FORWARD-LOOKING INFORMATION

This press release contains forward-looking statements and information that are based on the beliefs of management and reflect the Company's current expectations. When used in this press release, the words 'estimate', 'project', 'belief', 'will', 'anticipate', 'intend', 'expect', 'plan', 'predict', 'may' or 'should'

and the negative of these words or such variations or comparable terminology are intended to identify forward-looking statements and information. More particularly and without limitation, this news release contains forward-looking information relating to, the anticipated completion of the Transaction including satisfaction of the conditions thereto, including receipt of regulatory approvals and the approval of the Company's shareholders and the anticipated timing for completion of these matters. Such statements and information reflect the current view of the Company with respect to risks and uncertainties that may cause actual results to differ materially from those contemplated in those forward-looking statements and information. By their nature, forward-looking statements involve known and unknown risks, uncertainties and other factors which may cause our actual results, performance or achievements, or other future events, to be materially different from any future results, performance or achievements expressed or implied by such forward-looking statements. There are no assurances the Transaction will be completed on the terms and timeline anticipated, or at all. Forward looking statements are made based on management's beliefs, estimates and opinions on the date that statements are made and the Company undertakes no obligation to update forward-looking statements if these beliefs, estimates and opinions or other circumstances should change. Investors are cautioned against attributing undue certainty to forward-looking statements. There are a number of important risk factors that could cause the Company's actual results to differ materially from those indicated or implied by forward-looking statements and information. For a more detailed discussion of risk factors, refer to the Company's management discussion and analysis dated as of January 28, 2019 filed under the Company's profile on SEDAR (www.sedar.com) and on the CSE's website. The Company cautions that the aforementioned list of material risk factors is not exhaustive. When relying on the Company's forward-looking statements and information to make decisions, investors and others should carefully consider the foregoing risk factors and other uncertainties and potential events.
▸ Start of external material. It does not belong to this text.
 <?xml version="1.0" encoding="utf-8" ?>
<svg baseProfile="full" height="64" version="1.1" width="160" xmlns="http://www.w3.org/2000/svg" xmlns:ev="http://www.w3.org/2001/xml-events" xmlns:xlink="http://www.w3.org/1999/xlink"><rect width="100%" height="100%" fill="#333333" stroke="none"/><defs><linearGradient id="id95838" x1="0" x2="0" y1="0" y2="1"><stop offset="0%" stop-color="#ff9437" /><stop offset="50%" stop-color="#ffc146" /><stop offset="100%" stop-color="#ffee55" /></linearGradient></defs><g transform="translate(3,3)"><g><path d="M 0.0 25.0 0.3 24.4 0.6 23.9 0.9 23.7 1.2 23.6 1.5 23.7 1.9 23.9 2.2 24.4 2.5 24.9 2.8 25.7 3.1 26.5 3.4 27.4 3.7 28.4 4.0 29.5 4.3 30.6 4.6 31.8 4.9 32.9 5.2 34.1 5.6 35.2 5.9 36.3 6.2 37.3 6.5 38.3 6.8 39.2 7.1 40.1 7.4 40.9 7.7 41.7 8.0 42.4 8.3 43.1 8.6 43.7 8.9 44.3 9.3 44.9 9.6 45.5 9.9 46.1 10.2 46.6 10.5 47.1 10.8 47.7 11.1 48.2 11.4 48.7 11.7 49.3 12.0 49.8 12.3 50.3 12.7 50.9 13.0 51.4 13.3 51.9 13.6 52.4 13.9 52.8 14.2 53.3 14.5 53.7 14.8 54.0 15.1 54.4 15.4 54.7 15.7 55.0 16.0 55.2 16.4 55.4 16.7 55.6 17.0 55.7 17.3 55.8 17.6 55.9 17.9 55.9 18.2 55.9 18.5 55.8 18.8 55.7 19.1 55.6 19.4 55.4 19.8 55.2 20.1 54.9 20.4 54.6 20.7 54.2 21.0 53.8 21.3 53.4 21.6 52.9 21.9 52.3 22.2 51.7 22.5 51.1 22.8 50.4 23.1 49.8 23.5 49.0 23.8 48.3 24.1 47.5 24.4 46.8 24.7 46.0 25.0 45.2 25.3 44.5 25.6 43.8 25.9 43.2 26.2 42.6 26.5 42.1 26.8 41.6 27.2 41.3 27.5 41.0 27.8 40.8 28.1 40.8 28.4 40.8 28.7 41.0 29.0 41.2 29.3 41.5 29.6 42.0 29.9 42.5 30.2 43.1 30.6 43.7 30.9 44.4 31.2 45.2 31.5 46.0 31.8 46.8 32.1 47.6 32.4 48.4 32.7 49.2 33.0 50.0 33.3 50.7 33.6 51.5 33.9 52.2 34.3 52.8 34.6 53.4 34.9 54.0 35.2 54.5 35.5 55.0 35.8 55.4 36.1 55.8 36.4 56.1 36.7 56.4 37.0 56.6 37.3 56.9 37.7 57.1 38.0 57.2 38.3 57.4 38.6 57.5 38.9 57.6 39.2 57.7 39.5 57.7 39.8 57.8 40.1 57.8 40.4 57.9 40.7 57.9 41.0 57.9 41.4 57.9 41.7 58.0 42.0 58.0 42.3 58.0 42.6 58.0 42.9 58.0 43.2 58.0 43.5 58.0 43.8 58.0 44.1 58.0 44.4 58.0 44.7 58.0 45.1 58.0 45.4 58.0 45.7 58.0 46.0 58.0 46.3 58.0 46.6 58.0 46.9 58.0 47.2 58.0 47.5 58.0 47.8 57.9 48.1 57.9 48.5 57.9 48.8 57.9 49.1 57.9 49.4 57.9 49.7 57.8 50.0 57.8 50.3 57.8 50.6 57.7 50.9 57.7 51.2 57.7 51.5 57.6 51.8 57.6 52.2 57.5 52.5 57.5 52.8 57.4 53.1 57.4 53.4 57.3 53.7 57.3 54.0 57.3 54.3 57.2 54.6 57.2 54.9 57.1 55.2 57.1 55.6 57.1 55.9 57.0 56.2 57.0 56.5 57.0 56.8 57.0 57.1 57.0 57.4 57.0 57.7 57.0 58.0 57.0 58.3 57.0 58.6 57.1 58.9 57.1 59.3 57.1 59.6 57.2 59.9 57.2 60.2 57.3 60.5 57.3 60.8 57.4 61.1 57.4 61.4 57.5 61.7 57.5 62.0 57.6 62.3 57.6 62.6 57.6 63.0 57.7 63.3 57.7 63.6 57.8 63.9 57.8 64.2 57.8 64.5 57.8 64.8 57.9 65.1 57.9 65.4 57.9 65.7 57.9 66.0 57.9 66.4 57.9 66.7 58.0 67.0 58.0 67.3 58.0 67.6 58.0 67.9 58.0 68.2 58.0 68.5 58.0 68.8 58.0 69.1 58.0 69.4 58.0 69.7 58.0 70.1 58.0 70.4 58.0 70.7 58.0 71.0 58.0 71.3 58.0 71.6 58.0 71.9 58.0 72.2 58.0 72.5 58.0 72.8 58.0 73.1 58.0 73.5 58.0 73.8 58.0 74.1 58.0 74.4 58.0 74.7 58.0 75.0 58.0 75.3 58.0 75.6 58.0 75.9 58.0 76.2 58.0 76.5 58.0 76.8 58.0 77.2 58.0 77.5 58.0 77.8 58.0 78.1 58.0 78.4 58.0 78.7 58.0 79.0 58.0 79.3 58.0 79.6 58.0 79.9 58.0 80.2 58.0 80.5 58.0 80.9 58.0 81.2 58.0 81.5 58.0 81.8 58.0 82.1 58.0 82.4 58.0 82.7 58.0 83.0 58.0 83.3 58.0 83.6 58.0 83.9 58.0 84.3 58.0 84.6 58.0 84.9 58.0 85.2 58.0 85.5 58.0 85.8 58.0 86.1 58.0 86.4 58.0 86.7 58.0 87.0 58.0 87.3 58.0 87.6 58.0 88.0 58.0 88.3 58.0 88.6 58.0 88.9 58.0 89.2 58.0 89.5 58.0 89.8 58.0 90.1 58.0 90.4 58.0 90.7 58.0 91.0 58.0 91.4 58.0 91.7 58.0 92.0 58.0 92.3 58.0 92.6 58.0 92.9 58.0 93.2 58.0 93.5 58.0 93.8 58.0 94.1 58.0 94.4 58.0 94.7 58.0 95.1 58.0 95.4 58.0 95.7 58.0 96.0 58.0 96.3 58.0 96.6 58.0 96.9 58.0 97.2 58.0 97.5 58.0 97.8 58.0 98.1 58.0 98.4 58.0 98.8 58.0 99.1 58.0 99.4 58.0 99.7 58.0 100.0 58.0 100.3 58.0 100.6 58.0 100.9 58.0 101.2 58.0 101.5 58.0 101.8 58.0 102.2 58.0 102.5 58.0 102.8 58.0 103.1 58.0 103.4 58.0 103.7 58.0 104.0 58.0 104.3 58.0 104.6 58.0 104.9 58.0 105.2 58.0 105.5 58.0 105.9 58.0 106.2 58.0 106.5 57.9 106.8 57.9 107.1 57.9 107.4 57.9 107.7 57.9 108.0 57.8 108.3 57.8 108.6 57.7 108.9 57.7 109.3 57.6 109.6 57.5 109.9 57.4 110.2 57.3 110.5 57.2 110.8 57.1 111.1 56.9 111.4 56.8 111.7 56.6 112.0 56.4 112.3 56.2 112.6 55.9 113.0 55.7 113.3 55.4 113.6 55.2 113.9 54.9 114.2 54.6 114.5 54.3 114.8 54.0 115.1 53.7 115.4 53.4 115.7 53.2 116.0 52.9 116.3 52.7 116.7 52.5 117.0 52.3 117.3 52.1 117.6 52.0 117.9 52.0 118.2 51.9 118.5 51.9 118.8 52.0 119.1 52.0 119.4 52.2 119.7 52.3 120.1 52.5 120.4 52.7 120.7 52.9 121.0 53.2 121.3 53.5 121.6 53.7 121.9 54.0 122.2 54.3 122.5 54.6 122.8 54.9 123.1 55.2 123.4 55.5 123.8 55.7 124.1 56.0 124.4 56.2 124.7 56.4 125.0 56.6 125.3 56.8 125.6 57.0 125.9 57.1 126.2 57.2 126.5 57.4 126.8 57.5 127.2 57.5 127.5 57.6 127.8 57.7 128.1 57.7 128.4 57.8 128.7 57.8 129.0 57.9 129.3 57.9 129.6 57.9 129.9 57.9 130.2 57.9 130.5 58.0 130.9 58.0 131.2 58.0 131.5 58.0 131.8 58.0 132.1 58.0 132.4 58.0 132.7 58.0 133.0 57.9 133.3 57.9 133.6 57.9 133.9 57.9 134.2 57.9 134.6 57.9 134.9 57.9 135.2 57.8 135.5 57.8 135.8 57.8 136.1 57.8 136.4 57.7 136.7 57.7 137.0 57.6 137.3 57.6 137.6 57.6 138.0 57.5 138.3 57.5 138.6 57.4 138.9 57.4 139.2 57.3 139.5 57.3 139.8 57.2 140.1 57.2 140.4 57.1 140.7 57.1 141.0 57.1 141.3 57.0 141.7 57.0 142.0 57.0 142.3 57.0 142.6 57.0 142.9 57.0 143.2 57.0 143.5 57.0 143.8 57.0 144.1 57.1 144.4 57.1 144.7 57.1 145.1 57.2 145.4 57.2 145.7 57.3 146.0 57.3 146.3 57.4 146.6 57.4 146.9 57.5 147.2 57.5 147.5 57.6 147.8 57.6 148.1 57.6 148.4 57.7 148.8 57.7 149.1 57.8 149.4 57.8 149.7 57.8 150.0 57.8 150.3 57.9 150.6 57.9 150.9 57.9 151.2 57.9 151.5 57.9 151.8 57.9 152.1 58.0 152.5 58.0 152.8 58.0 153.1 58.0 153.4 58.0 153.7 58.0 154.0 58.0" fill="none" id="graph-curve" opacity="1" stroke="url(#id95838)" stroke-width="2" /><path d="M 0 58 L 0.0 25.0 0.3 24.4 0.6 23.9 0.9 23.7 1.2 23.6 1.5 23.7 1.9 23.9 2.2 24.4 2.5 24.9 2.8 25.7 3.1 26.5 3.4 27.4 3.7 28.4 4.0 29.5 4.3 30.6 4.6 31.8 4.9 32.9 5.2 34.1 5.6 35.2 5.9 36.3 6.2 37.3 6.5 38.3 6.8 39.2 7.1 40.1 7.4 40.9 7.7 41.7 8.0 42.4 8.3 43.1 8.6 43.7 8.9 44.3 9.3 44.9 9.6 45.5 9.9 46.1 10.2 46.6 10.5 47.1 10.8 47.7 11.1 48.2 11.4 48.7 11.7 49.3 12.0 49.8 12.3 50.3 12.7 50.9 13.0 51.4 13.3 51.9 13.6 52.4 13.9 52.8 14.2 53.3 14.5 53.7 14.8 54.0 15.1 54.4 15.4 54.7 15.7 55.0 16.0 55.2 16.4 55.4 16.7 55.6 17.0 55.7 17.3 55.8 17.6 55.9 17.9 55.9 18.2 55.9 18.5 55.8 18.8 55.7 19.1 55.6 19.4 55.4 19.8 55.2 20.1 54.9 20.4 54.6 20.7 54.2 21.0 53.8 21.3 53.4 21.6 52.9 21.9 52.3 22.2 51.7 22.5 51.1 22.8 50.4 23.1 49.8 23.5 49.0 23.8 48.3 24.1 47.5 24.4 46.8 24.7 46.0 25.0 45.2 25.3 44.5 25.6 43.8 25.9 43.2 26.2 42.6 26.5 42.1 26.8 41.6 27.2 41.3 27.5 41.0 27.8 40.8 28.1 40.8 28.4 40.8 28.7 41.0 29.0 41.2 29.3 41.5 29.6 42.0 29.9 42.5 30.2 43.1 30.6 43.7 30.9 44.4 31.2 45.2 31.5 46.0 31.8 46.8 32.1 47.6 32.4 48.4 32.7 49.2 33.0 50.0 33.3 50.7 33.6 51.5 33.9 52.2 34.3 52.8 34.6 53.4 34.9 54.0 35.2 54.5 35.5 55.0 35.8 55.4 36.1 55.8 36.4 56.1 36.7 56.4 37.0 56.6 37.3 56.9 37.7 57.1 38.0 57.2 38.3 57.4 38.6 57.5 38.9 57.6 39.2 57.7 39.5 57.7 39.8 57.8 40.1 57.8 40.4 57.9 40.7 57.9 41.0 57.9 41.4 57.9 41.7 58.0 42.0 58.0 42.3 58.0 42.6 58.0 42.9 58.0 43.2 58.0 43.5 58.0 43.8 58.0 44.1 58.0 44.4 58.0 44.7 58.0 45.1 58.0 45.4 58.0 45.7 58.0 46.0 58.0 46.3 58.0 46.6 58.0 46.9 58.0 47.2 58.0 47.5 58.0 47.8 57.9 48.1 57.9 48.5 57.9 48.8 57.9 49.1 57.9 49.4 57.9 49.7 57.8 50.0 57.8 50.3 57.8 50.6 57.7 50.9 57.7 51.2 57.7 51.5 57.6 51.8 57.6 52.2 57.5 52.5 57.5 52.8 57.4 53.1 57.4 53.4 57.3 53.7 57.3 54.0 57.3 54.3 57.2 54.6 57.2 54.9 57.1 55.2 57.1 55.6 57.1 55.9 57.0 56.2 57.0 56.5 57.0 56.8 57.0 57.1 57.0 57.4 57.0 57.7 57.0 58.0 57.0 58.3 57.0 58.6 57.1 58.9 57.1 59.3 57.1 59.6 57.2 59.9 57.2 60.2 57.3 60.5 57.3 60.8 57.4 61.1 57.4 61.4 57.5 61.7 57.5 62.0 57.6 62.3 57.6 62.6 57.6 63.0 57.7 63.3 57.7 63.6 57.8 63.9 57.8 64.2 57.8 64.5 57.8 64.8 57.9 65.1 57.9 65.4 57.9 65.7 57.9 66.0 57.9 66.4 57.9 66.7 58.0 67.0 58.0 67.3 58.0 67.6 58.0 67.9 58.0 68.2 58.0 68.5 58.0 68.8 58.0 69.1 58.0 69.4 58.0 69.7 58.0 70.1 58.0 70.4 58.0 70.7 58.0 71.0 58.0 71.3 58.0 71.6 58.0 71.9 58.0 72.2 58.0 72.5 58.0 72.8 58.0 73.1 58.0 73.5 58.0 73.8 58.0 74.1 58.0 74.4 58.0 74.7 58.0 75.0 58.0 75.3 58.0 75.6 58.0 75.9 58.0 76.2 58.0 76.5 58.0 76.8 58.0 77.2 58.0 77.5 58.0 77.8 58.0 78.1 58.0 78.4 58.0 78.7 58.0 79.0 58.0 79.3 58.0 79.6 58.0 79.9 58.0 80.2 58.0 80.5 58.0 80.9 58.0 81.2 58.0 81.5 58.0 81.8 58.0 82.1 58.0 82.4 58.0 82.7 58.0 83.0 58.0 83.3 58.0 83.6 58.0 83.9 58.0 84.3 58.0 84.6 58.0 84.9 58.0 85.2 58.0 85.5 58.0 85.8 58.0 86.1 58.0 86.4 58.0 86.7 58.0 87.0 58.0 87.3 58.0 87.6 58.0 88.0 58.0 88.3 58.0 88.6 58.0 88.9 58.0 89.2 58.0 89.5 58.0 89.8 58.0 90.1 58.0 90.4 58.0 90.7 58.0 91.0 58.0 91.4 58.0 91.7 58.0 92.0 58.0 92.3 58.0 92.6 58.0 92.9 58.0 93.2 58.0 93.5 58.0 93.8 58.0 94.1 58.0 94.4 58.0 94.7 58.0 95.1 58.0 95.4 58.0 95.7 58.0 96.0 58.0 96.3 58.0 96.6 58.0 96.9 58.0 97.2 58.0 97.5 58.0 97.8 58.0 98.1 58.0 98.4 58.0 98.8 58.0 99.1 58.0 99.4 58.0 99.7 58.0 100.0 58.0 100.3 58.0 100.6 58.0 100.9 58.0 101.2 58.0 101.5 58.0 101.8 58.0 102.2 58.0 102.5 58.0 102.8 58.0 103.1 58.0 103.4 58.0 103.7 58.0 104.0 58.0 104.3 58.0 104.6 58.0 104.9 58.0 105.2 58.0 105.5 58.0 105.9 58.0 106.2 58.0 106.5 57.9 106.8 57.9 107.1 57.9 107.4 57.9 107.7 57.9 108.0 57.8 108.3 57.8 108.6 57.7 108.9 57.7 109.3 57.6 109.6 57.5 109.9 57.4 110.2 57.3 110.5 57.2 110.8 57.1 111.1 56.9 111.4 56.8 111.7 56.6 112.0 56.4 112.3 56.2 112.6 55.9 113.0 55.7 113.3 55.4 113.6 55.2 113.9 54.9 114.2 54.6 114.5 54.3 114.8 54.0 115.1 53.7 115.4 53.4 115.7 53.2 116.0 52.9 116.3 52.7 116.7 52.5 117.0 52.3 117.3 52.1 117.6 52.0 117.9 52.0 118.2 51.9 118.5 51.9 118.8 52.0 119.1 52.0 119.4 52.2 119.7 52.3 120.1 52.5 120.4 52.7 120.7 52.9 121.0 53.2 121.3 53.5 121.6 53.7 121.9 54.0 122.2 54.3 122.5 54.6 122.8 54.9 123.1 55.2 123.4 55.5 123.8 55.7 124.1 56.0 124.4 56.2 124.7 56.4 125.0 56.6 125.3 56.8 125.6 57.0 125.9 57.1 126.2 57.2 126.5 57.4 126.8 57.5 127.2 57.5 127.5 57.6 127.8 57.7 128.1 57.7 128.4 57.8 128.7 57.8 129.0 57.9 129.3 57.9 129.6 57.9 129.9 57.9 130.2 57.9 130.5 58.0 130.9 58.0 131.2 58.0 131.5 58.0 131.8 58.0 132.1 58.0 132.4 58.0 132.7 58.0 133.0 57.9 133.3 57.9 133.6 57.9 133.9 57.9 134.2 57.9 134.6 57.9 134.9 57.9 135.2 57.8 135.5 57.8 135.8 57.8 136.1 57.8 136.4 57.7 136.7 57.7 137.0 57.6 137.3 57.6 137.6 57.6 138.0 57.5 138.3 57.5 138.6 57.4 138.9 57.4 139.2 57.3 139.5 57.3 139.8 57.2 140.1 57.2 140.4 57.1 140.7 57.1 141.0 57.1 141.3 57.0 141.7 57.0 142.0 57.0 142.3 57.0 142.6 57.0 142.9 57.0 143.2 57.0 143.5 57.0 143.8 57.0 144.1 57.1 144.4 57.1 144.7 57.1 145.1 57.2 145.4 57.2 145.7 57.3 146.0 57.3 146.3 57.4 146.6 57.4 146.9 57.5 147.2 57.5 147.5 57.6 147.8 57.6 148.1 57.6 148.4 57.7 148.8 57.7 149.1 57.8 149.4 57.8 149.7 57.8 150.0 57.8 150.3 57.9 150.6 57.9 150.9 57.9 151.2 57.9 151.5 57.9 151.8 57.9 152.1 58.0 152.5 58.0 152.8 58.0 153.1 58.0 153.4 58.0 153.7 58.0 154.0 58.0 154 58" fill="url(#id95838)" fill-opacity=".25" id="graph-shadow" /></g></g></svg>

THE FORWARD-LOOKING INFORMATION CONTAINED IN THIS PRESS RELEASE REPRESENTS THE EXPECTATIONS OF THE COMPANY AS OF THE DATE OF THIS PRESS RELEASE AND, ACCORDINGLY, IS SUBJECT TO CHANGE AFTER SUCH DATE. READERS SHOULD NOT PLACE UNDUE IMPORTANCE ON FORWARD-LOOKING INFORMATION AND SHOULD NOT RELY UPON THIS INFORMATION AS OF ANY OTHER DATE. WHILE THE COMPANY MAY ELECT TO, IT DOES NOT UNDERTAKE TO UPDATE THIS INFORMATION AT ANY PARTICULAR TIME EXCEPT AS REQUIRED IN ACCORDANCE WITH APPLICABLE LAWS.